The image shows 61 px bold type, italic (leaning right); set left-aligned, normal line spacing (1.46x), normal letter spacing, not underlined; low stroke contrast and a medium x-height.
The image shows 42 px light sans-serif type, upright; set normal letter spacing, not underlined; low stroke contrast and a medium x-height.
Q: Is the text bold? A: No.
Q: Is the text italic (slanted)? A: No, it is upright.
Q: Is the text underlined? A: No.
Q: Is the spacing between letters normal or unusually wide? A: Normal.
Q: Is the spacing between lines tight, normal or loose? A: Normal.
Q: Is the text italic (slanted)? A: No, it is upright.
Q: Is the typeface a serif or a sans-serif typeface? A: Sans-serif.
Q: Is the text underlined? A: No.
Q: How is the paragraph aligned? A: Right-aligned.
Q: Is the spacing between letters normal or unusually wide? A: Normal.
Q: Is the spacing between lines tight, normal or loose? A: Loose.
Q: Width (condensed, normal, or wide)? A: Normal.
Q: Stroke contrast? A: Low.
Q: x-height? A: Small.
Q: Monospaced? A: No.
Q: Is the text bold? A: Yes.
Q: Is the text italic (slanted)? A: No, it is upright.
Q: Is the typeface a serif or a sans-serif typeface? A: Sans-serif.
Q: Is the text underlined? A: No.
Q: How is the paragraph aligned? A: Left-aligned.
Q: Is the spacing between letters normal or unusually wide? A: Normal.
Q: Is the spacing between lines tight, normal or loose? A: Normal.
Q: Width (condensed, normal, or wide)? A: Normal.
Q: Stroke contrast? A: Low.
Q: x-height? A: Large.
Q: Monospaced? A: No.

...

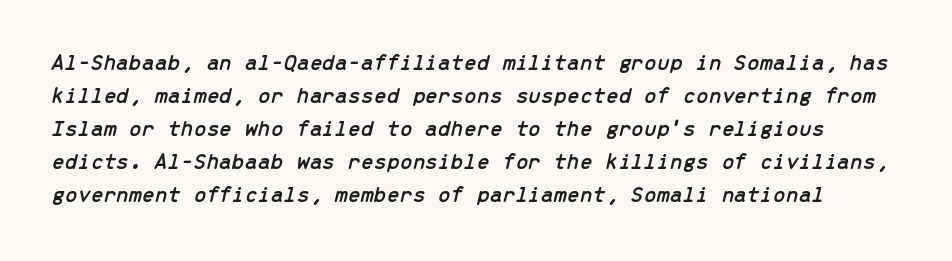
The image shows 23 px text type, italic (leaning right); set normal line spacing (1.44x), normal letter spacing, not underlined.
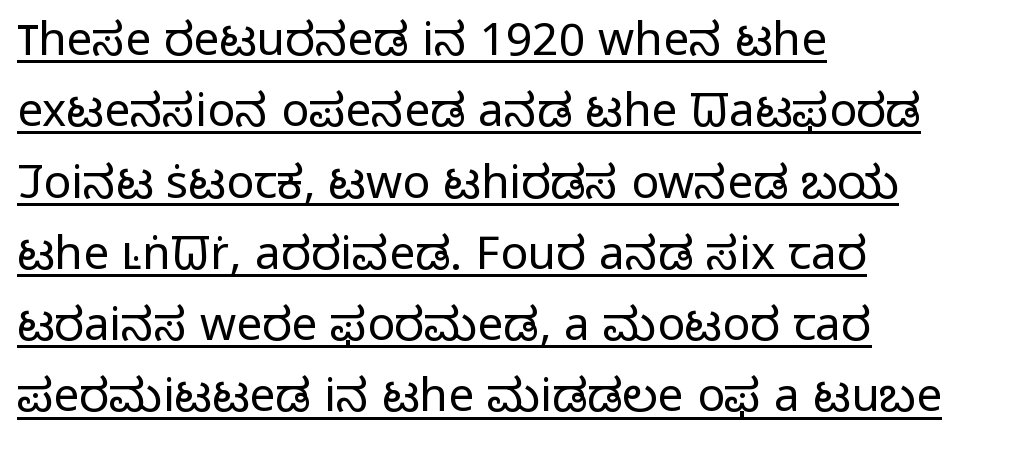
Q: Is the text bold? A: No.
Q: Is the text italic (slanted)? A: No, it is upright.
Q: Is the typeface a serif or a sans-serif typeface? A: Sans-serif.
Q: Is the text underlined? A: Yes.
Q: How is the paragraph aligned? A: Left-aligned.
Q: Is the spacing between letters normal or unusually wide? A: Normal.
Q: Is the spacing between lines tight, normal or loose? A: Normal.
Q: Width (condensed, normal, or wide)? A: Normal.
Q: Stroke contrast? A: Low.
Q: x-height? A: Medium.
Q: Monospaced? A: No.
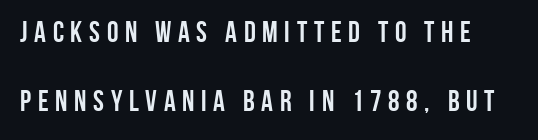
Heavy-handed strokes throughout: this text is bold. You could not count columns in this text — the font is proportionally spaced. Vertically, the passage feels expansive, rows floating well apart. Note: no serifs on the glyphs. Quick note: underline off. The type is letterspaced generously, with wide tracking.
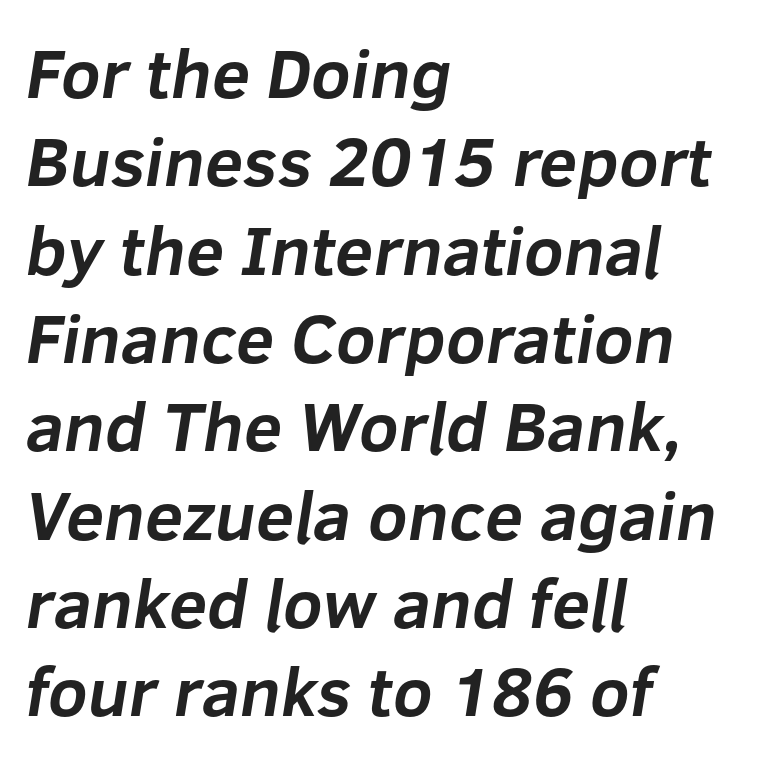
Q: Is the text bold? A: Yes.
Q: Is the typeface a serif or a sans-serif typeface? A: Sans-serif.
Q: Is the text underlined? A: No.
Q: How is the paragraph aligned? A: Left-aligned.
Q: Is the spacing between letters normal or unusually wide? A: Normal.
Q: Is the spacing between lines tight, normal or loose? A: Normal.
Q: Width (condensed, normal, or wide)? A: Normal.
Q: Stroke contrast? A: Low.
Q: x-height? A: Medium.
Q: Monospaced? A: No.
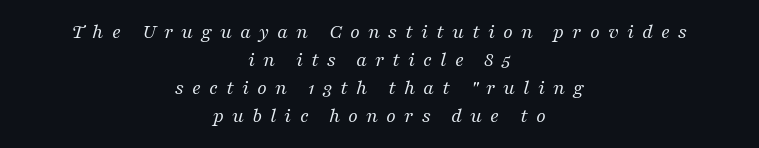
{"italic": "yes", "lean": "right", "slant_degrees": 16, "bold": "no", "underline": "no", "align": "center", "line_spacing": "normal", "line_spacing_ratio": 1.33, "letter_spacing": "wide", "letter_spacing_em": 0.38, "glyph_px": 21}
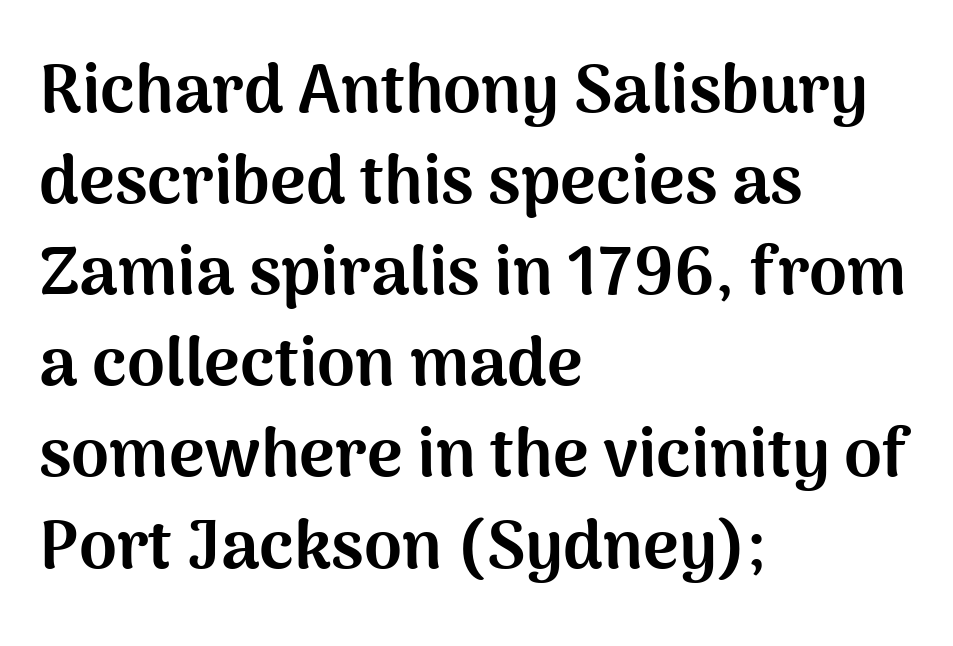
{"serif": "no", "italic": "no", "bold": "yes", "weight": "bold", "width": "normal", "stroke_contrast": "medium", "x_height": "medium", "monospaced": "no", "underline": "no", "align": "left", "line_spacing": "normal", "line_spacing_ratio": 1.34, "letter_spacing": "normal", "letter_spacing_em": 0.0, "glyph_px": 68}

**What to produce**. Pick out the lines above containing the word "image", then copy them.

**Result of the exercise**.
The image shows 61 px bold type, italic (leaning right); set left-aligned, normal line spacing (1.46x), normal letter spacing, not underlined; low stroke contrast and a medium x-height.
The image shows 42 px light sans-serif type, upright; set normal letter spacing, not underlined; low stroke contrast and a medium x-height.
The image shows 23 px text type, italic (leaning right); set normal line spacing (1.44x), normal letter spacing, not underlined.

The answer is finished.